Substitution is the core step in evaluating expressions. It involves replacing variables with given numerical values. In our example, we've been provided specific values for the variables in the expression. For the expression \( \frac{9-x}{y+6} \), we substitute \( x = -5 \), \( y = 4 \). This makes the expression \( \frac{9-(-5)}{4+6} \).

Substitution helps simplify the problem by converting algebraic expressions into purely numerical ones so you can compute them directly. This direct form allows us to work easily with basic arithmetic operations rather than juggling abstract variables. Remember, always pay clear attention to the signs of the numbers being substituted, as it can greatly affect the outcome.

Simplifying fractions is a process of making a fraction as simple as possible. In other words, this means writing it in its lowest terms by eliminating any common factors between the numerator and the denominator. This is achieved by dividing both the top and bottom by their greatest common divisor.
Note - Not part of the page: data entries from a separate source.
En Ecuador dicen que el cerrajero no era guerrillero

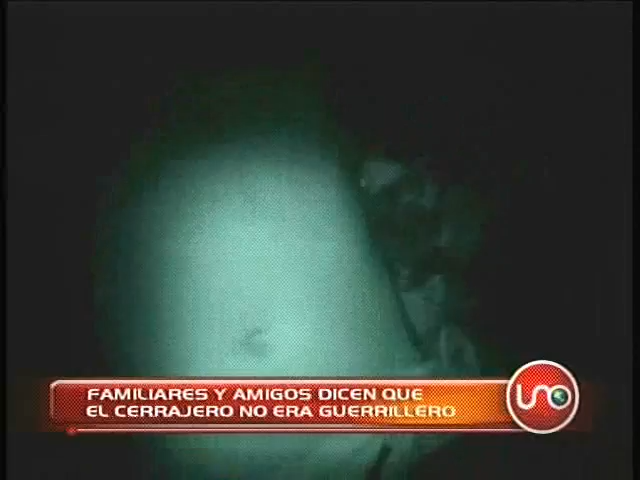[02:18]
Tampoco se explica en un detalle fundamental, el cadáver de quienes ellos creen es su hijo, estaba vestido con un pantalón camuflado como lo muestran estas imágenes tomadas durante la operación.
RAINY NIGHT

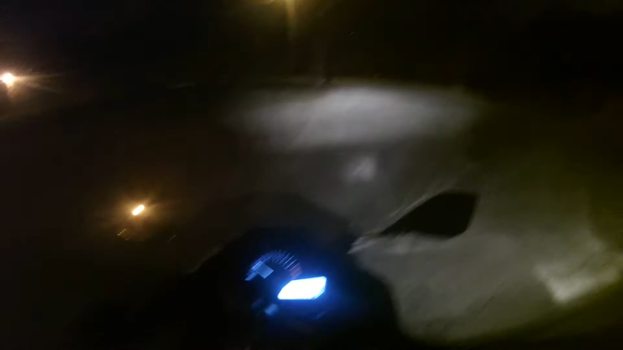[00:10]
This is gonna be fun. I'm just fucking around. See what this audio or this video is gonna look like.
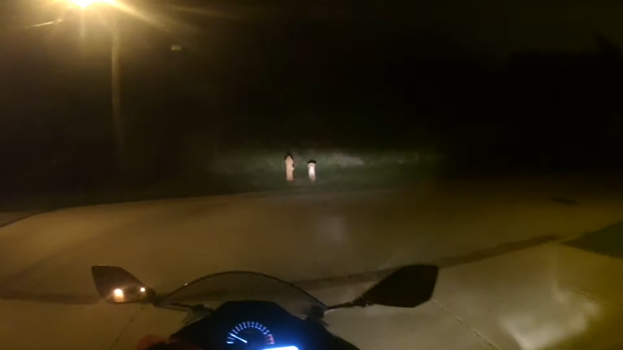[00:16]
Whoa, whoa. Some stay local in the rain.
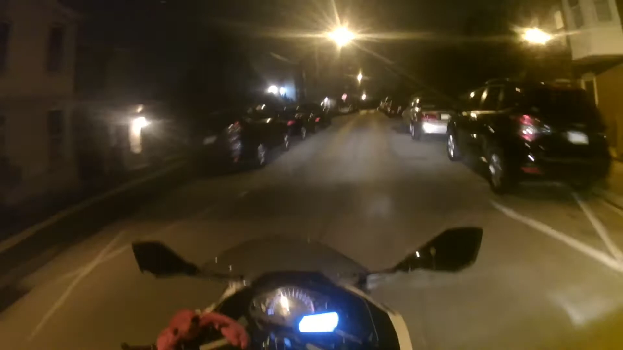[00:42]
Camera's all fucking discombobulated and shit, so hopefully I fix that and the audio. I mean, the audio is always gonna be like shit until I put a fucking mic into it. Or until I get a GoPro. Or a different camera.
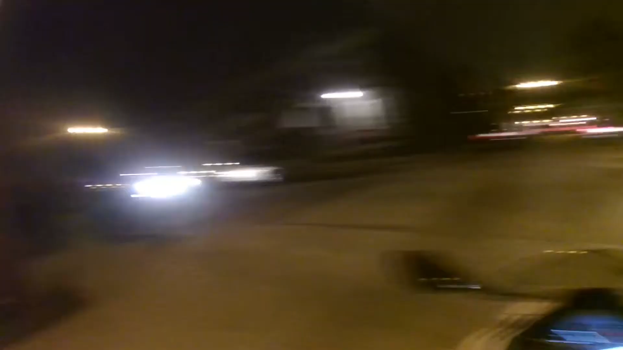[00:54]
Or a mic set up. Yeah, it's a little drizzly, so yeah. I'm gonna take a little ease. Hello, no one is available to take your call. Please leave a message after the tone. I'm just gonna clutch this all the way down. Hold the clutch in, you know what I mean? Oh yeah. Shit, I forgot to tell you. Johnny Lobsman with us for the ride. I don't know if y'all can see him.
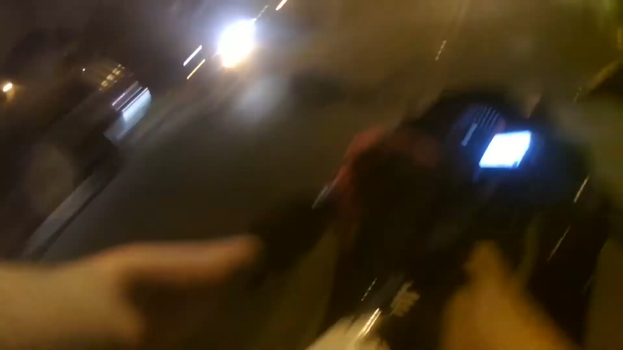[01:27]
Johnny, good old Johnny Lobsman.
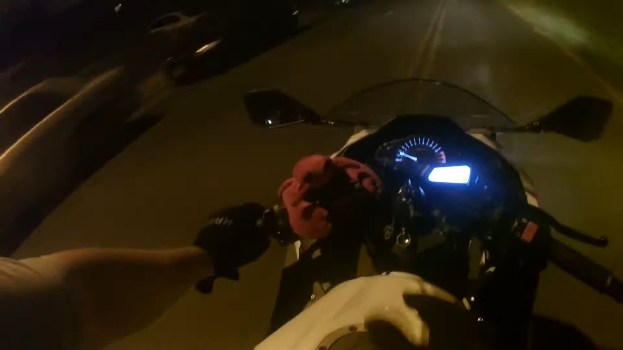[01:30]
He's cruising out here with the, in the rain with us. You know what I mean? Yeah. Good old Johnny Lobsman. Woo! Good old cruise tonight in the rain ski. It ain't rain too bad,
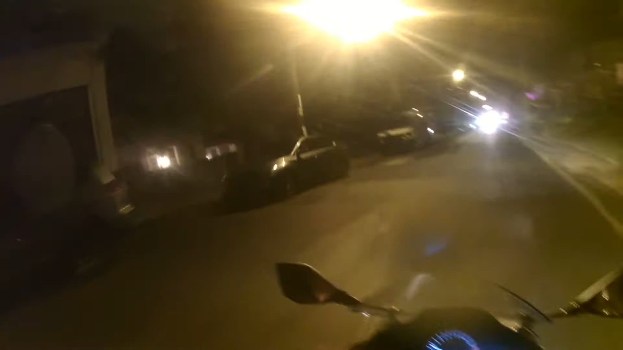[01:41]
but still, you know, motorcycle rain equals no good, you know? But it was fucking hot as shit. Yeah!
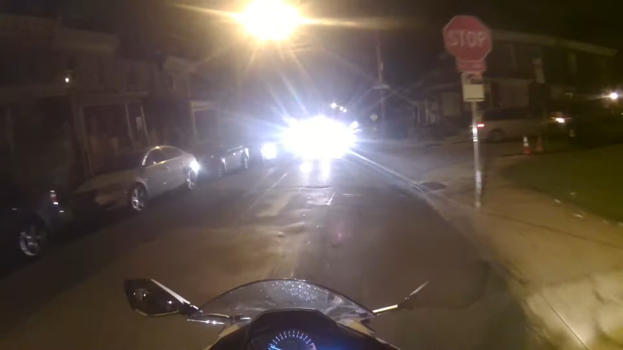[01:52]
It was hot. What the fuck? Oh, dude. What the problem? It's getting worse. It's getting worse. Yeah, fuck it, I'm just gonna take a cruise around.
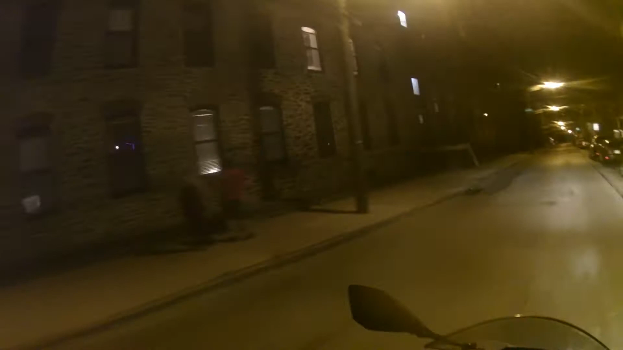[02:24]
I mean, I work fucking 6 days this fucking week, man. I mean, I get no breather, so. I mean, I did get to take a couple of cruise after work and shit, but still.
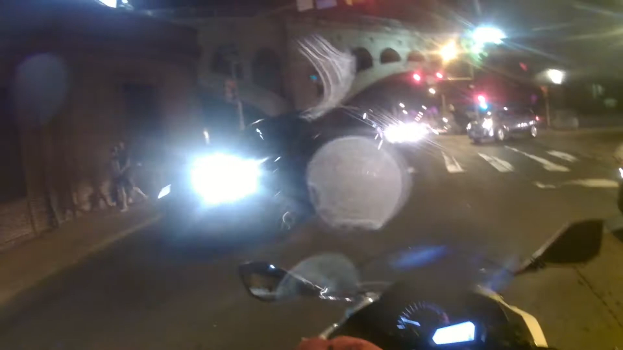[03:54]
Plenty of gas too, man. Yeah! I'm trying to get a nice one. Woo! This motherfucker to my right had the green light to turn. Idiot. I don't know if y'all got to see that, but this motherfucker had a green arrow going. Idiots. Probably from Jersey.
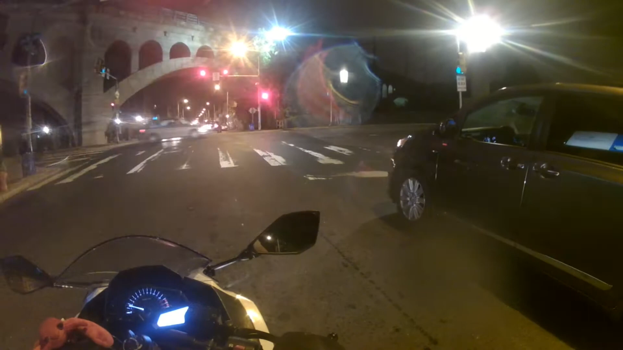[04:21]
That's like what.
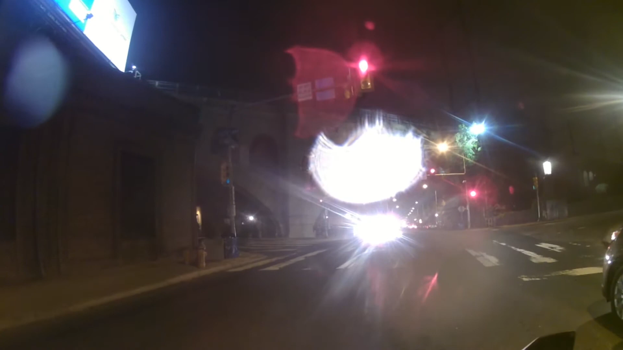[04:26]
That light's green. Do I have a green? I mean, I know them lights ain't green, but there's a light over here to the left that's green.
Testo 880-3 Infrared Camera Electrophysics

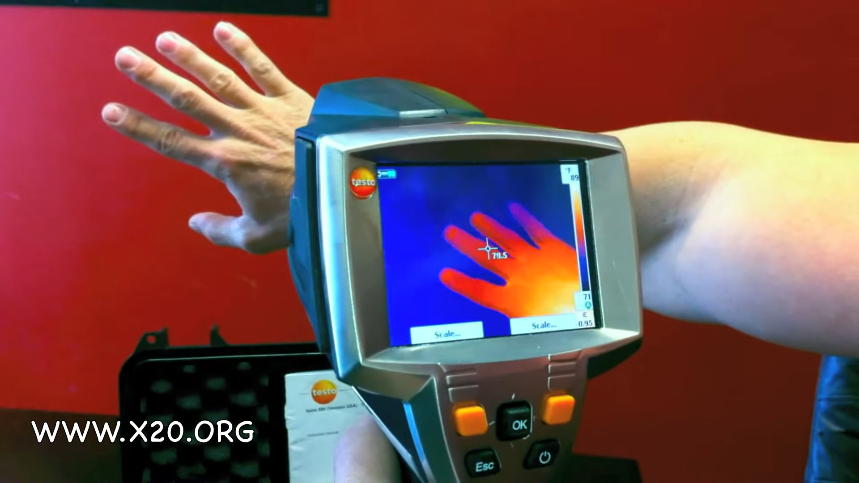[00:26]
This is the Ironbow color palette. There's multiple color palettes to choose from.

In our scenario, the fraction we end up with after substitution and computation is \( \frac{14}{10} \). By examining both the numerator and the denominator, we identify 2 as a common factor. Dividing both by 2 results in the simplified fraction \( \frac{7}{5} \).

• Always check whether any common factors exist between numerator and denominator.
• Simplifying fractions helps in keeping numbers manageable and easier to work with.

A fraction contains two parts: the numerator and the denominator. The numerator is the number above the fraction line, and it tells us how many parts we have. The denominator is below the line, indicating into how many equal parts the whole is divided.

For instance, in the fraction \( \frac{9-x}{y+6} \), the numerator is \(9-x\), and the denominator is \(y+6\). Together, these make up the entire value of the fraction. When simplifying, ensure that both are reduced to form the simplest possible fraction, maintaining the mathematical equivalence by sharing the same divisor.

Understanding the roles of these two components helps you manipulate and reduce fractions accurately during simplification.

The greatest common divisor (GCD) of two numbers is the largest number that divides both of them without leaving a remainder. It's a vital concept when simplifying fractions as it allows us to reduce them to their smallest form.

For simplifying our fraction \( \frac{14}{10} \), we find that 2 is the GCD. Dividing both the numerator and denominator by 2 results in the simplest form, \( \frac{7}{5} \).

• To find the GCD, list the factors of both numbers and identify the largest common one.
• The GCD provides a way to ensure fractions are simplified completely and correctly.

Being comfortable with finding the GCD ensures you can simplify any fraction accurately, giving clarity and precision to your mathematical results.